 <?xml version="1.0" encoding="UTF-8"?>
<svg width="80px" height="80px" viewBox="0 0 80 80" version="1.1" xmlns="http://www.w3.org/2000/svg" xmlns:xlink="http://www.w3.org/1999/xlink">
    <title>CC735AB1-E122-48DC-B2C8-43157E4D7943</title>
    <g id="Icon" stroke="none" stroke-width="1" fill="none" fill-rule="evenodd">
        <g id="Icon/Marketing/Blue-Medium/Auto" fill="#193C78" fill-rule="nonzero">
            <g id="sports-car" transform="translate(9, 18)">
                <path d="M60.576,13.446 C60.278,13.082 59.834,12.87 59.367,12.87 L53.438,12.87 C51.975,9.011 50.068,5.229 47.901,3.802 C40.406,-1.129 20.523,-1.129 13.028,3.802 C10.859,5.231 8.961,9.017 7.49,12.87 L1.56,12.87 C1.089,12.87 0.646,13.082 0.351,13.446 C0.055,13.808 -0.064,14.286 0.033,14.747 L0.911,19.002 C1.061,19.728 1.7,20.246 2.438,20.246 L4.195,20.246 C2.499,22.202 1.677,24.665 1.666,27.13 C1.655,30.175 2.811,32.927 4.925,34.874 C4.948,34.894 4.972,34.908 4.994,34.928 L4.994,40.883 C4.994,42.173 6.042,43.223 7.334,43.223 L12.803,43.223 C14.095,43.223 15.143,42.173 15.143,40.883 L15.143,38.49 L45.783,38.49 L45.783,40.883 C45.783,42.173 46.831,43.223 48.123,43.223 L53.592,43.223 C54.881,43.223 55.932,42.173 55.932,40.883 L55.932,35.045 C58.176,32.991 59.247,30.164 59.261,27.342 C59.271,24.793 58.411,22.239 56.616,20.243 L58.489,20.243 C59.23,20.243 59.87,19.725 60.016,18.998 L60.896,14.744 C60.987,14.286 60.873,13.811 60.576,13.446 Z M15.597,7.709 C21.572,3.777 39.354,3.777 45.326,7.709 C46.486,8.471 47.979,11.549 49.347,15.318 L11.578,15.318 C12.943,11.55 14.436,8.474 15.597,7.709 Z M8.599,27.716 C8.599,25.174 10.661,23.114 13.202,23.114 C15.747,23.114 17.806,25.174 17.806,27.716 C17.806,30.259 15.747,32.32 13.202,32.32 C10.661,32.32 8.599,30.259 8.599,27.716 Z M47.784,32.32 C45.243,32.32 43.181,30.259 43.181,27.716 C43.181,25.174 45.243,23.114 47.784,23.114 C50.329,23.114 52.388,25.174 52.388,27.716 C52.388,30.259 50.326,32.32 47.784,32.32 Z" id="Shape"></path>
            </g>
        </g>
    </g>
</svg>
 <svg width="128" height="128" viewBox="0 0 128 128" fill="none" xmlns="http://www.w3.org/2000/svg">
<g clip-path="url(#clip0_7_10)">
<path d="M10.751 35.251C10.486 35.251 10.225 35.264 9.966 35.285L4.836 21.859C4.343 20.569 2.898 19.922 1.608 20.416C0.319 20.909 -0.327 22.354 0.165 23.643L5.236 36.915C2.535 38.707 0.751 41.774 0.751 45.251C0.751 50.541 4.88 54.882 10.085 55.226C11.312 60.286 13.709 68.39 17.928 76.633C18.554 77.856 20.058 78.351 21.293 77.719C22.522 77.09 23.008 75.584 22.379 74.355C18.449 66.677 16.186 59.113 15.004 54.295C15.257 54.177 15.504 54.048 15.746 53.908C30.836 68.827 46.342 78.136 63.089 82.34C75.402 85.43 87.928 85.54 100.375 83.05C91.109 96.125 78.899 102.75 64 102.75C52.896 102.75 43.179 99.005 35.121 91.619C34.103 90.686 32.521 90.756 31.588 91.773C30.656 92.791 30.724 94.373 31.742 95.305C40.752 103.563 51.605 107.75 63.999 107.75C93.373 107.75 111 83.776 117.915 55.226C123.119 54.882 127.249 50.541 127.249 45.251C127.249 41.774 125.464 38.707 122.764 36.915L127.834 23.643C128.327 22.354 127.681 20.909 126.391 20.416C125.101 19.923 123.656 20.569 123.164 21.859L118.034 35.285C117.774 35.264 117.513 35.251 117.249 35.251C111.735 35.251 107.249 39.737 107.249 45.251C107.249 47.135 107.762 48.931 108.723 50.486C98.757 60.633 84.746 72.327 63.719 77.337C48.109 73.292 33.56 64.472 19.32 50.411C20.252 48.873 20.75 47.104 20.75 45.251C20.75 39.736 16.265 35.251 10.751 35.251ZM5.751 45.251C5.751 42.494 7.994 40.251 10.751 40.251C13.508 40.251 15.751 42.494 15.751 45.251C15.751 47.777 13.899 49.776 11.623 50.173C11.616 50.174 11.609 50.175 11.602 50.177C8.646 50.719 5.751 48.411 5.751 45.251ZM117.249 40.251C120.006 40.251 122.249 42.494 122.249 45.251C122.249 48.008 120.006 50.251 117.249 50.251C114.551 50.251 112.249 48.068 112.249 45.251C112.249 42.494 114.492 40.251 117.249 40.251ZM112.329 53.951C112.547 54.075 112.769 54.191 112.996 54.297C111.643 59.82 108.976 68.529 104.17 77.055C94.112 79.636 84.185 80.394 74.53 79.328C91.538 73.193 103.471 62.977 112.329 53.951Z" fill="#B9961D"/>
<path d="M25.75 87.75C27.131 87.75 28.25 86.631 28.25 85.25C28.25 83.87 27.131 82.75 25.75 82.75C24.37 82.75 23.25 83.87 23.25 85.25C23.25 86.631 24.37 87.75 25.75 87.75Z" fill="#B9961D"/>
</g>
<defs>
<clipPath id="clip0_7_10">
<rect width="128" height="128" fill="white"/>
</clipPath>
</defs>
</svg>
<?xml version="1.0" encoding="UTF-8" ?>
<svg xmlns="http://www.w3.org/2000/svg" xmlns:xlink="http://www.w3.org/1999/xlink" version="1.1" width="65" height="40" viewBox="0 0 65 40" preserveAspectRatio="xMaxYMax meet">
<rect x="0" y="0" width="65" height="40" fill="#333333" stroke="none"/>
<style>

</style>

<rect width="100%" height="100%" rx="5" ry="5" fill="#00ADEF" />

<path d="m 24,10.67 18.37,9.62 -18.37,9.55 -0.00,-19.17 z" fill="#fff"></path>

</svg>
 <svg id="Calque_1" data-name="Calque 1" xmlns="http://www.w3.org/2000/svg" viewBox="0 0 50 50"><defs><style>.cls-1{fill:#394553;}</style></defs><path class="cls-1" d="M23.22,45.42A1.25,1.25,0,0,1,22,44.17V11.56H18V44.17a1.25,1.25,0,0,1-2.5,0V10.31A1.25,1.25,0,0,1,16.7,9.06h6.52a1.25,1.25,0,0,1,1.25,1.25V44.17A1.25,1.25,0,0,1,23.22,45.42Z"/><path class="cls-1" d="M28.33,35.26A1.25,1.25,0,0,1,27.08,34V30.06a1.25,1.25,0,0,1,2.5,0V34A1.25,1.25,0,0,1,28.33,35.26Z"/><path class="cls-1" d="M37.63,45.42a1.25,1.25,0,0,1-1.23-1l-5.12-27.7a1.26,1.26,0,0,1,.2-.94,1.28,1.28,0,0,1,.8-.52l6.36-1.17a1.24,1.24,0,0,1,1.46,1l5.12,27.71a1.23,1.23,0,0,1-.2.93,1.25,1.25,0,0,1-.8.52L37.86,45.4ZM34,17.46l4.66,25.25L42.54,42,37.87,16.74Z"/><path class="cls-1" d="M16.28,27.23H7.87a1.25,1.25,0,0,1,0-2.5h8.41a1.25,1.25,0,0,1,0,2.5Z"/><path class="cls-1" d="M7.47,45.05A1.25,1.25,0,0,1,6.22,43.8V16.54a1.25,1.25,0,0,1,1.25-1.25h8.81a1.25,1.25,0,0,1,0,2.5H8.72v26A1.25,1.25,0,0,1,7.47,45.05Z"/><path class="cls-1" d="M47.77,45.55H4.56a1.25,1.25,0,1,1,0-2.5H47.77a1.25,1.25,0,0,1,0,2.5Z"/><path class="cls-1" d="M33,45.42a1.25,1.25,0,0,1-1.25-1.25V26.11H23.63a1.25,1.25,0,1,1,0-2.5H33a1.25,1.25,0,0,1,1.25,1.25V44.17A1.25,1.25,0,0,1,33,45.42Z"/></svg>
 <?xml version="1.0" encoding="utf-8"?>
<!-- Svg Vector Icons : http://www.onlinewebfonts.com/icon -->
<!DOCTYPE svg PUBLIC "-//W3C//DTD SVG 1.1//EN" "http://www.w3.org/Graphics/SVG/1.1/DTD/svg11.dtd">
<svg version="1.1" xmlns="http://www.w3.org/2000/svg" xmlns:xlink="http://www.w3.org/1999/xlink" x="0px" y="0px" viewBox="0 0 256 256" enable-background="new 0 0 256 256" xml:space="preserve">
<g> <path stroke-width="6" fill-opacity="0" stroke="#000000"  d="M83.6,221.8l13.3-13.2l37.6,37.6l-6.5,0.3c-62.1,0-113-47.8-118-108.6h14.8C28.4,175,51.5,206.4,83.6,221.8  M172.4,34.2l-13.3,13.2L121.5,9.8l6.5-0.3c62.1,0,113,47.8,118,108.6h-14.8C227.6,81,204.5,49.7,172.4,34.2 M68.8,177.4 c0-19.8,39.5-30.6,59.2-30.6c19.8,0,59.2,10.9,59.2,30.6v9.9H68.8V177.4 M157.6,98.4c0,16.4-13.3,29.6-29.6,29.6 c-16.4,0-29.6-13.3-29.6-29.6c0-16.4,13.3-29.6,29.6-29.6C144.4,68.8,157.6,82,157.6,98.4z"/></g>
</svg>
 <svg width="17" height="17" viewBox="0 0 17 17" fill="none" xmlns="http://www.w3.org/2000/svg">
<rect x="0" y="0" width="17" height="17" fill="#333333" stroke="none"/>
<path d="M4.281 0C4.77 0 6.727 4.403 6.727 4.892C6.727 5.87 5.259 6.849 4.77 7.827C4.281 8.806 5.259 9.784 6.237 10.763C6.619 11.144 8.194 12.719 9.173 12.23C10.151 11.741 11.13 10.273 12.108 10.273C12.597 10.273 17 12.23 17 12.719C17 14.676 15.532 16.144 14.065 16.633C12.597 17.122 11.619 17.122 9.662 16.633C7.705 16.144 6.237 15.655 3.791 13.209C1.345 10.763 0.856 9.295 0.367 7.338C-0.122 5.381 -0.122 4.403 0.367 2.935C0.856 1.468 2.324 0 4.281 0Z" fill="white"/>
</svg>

* * * * * * * * *

● TASK STATEMENT:
Where a line in the records above includes the string "none", show it.

● ANSWER:
    <g id="Icon" stroke="none" stroke-width="1" fill="none" fill-rule="evenodd">
 <svg width="128" height="128" viewBox="0 0 128 128" fill="none" xmlns="http://www.w3.org/2000/svg">
<rect x="0" y="0" width="65" height="40" fill="#333333" stroke="none"/>
 <svg width="17" height="17" viewBox="0 0 17 17" fill="none" xmlns="http://www.w3.org/2000/svg">
<rect x="0" y="0" width="17" height="17" fill="#333333" stroke="none"/>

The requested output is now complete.